Why do you think it is important for students to learn about wetlands in general? Why do you think it is important for students to learn about Louisiana’s wetlands? What can we learn from studying this region?
Wetlands are some of the most productive ecosystems on earth, and some of the most pressured by development. Coastal Louisiana is a national treasure, and is imperiled. The Nations’ seafood stock, oil and gas supply, and the transportation of materials and goods through the Mississippi River are all sensitive to the health of the largest wetland complex in the continental US.

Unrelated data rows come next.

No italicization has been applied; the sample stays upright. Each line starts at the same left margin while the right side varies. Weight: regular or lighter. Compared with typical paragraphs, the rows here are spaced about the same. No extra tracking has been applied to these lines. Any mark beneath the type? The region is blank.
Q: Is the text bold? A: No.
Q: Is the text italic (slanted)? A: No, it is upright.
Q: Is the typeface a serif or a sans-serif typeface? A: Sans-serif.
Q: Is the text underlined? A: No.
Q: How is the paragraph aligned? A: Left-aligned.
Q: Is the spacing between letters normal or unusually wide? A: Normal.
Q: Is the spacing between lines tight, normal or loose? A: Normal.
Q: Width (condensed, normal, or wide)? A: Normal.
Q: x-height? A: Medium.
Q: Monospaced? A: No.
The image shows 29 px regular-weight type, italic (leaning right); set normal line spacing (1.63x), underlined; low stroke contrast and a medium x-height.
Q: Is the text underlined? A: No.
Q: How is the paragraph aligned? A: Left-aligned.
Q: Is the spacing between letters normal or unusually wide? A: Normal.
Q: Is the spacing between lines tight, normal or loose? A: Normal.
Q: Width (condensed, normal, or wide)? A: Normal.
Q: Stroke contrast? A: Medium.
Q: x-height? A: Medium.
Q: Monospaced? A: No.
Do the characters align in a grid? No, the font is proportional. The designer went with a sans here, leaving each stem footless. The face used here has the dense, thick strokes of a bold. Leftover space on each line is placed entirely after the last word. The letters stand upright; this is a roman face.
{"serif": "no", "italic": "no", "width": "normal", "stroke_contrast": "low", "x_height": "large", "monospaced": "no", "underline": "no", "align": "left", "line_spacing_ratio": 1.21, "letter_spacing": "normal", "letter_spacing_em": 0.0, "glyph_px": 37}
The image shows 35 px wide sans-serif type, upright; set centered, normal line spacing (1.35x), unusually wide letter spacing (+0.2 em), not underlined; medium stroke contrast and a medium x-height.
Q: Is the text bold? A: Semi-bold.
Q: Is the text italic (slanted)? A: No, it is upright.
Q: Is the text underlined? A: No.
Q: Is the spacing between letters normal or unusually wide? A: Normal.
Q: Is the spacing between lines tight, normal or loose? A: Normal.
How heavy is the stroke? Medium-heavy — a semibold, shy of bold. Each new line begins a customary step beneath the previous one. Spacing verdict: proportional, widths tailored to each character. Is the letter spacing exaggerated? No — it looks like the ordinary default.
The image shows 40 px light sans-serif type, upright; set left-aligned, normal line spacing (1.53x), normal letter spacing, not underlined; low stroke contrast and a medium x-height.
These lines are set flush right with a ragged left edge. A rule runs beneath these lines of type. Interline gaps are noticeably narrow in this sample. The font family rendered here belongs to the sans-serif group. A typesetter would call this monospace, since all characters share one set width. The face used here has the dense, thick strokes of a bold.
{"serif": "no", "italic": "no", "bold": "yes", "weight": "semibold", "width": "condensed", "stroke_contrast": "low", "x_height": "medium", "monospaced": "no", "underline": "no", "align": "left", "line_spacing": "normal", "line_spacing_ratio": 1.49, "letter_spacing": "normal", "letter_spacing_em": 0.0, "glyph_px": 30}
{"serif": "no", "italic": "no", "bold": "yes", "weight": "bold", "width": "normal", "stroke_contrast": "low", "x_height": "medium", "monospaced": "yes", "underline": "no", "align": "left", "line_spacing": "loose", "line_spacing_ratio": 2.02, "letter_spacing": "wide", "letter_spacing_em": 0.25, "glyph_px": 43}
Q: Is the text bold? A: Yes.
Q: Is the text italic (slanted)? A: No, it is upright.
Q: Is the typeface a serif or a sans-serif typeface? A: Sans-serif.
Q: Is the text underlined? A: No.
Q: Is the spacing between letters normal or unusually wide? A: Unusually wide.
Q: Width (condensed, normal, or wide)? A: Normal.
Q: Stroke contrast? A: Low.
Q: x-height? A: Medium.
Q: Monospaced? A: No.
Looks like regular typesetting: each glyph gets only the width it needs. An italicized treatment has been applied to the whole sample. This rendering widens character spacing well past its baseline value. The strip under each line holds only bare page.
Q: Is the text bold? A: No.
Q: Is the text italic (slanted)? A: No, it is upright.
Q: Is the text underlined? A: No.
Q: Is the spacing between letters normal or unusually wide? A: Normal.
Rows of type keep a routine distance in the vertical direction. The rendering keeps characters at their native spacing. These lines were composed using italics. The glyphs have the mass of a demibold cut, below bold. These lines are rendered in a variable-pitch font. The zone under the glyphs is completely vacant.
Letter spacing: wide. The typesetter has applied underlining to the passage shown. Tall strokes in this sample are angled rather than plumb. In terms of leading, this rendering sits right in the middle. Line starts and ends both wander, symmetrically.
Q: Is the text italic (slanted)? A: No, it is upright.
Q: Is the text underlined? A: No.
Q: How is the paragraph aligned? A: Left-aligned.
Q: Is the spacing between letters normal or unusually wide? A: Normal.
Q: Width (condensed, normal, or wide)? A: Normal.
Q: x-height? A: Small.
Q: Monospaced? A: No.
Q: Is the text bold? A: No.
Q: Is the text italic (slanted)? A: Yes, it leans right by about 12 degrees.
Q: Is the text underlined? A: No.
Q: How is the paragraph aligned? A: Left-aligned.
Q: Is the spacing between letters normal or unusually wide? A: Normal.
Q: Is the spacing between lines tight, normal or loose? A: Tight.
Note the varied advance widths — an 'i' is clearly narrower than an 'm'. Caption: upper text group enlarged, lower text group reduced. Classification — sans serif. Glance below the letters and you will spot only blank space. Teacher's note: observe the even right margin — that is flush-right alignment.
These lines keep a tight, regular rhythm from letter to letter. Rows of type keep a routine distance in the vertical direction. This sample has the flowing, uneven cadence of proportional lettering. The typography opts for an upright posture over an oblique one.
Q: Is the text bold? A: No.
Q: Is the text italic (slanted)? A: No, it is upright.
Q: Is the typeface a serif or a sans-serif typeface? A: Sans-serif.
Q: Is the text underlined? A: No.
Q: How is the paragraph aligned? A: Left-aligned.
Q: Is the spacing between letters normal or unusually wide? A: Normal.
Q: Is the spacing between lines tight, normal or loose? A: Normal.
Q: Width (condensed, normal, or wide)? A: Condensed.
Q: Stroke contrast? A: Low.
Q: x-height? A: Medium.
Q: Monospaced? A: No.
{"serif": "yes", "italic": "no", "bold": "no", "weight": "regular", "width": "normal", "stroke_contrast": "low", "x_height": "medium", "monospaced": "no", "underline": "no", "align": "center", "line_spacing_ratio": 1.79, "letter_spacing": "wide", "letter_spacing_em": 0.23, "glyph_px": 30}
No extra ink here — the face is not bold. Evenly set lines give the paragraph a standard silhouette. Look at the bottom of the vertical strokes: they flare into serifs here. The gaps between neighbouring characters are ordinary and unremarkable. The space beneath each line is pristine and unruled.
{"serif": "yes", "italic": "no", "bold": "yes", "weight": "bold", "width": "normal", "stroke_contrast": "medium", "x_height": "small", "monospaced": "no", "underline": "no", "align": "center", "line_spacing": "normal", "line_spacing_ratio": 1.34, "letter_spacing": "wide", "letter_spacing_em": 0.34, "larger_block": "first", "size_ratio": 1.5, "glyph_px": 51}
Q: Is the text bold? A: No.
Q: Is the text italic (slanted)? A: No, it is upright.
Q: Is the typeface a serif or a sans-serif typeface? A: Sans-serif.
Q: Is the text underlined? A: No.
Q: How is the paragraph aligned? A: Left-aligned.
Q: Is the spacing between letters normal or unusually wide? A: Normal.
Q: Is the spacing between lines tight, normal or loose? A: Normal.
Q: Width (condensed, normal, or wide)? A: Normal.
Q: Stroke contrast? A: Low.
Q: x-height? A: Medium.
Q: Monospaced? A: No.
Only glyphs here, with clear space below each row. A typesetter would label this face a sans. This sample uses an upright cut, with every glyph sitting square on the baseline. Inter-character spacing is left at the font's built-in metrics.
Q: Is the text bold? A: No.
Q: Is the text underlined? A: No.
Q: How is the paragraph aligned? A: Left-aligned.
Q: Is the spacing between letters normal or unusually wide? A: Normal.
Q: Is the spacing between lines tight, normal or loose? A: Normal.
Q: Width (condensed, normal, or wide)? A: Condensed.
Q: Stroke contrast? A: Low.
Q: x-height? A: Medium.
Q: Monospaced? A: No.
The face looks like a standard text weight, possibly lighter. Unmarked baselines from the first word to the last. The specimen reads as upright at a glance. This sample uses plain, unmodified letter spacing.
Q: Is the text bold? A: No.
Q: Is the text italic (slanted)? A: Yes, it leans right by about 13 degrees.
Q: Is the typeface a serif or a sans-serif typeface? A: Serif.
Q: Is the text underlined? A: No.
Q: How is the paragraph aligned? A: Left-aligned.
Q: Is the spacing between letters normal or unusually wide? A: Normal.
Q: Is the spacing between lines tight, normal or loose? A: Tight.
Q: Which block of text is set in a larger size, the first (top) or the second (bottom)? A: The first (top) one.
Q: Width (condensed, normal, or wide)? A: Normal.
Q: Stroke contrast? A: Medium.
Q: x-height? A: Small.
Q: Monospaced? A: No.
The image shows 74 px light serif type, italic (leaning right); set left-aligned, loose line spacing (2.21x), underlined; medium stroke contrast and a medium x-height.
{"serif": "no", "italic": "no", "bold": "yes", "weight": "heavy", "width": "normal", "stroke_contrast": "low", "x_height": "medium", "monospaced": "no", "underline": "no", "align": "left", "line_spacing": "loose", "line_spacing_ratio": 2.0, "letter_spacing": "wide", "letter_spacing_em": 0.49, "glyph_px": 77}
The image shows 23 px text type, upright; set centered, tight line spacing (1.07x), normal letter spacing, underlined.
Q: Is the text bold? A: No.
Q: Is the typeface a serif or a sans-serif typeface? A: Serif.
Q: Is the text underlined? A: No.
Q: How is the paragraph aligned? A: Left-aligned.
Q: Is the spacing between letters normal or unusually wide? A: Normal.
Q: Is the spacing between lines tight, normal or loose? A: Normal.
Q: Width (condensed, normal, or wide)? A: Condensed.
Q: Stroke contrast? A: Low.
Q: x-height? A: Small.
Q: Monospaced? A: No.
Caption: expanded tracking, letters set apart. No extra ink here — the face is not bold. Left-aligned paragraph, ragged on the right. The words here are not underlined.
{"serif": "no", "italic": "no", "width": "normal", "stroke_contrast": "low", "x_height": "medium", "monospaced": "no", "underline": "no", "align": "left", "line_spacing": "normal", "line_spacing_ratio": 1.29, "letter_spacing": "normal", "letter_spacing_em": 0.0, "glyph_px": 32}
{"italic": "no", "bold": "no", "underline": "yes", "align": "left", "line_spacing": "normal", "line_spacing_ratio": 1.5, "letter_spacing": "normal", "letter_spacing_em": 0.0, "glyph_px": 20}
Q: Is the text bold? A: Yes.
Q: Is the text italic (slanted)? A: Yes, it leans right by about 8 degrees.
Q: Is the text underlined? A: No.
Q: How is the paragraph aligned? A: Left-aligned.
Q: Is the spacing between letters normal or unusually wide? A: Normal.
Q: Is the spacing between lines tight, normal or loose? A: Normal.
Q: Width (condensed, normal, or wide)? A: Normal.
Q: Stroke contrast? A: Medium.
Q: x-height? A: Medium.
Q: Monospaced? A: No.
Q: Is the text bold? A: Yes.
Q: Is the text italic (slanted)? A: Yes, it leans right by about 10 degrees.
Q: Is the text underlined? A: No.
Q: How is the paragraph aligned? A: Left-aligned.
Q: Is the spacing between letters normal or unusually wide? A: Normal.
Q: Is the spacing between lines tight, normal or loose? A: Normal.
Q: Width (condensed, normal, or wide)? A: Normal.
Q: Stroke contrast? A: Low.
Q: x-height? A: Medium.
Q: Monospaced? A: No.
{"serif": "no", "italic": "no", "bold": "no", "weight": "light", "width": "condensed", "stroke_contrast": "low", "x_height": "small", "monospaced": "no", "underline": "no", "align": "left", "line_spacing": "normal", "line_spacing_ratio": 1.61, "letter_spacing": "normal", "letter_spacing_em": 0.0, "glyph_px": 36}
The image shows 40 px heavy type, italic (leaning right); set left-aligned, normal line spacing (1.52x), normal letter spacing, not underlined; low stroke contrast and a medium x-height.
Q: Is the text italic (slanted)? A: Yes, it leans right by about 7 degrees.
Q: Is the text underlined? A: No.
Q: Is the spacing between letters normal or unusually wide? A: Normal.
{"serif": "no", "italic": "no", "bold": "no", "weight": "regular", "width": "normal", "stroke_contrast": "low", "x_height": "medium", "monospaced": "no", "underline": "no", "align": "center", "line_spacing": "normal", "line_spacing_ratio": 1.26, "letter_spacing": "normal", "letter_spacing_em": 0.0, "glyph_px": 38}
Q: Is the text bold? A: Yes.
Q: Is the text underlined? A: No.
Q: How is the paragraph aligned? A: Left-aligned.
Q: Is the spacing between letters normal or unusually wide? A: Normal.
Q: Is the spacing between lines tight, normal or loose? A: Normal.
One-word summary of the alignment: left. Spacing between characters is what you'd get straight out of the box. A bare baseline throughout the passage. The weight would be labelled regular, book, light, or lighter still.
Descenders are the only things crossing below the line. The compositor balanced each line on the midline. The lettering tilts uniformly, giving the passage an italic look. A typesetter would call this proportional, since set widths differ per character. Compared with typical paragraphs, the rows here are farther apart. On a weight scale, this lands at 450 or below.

Coastal restoration is the art and science of recreating, conserving, and replenishing a complex system. The lessons learned from past mismanagement of the Louisiana coastal plain can help us avoid making similar mistakes in the future. The lessons learned from planning, engineering and implementing large scale restoration projects provide knowledge and experience which may well be needed in the future to restore and conserve other complex ecosystems.
What one thing would you most like students to learn from participating in the JASON Wetlands Project?
I would like students to learn how complex, and fascinating coastal wetlands and south Louisiana are. I also hope that students will appreciate how important it is to conserve our natural and environmental resources, and to believe that ecosystem restoration can be accomplished using science as a basis.
What advice would you give to students who are interested in studying science? What are some of the diverse careers associated with the work that you do?
The careers in coastal and marine sciences are very diverse, ranging from hurricane prediction to management of endangered species. My advice is to be willing to try new things, follow your own interest when a subject appeals to you, and of course, keep your feet wet.
Any final thoughts, words of advice, personal philosophy?
Good writing and speaking skills are as, if not more, important, than strong technical skills. Do not underestimate the importance of people skills.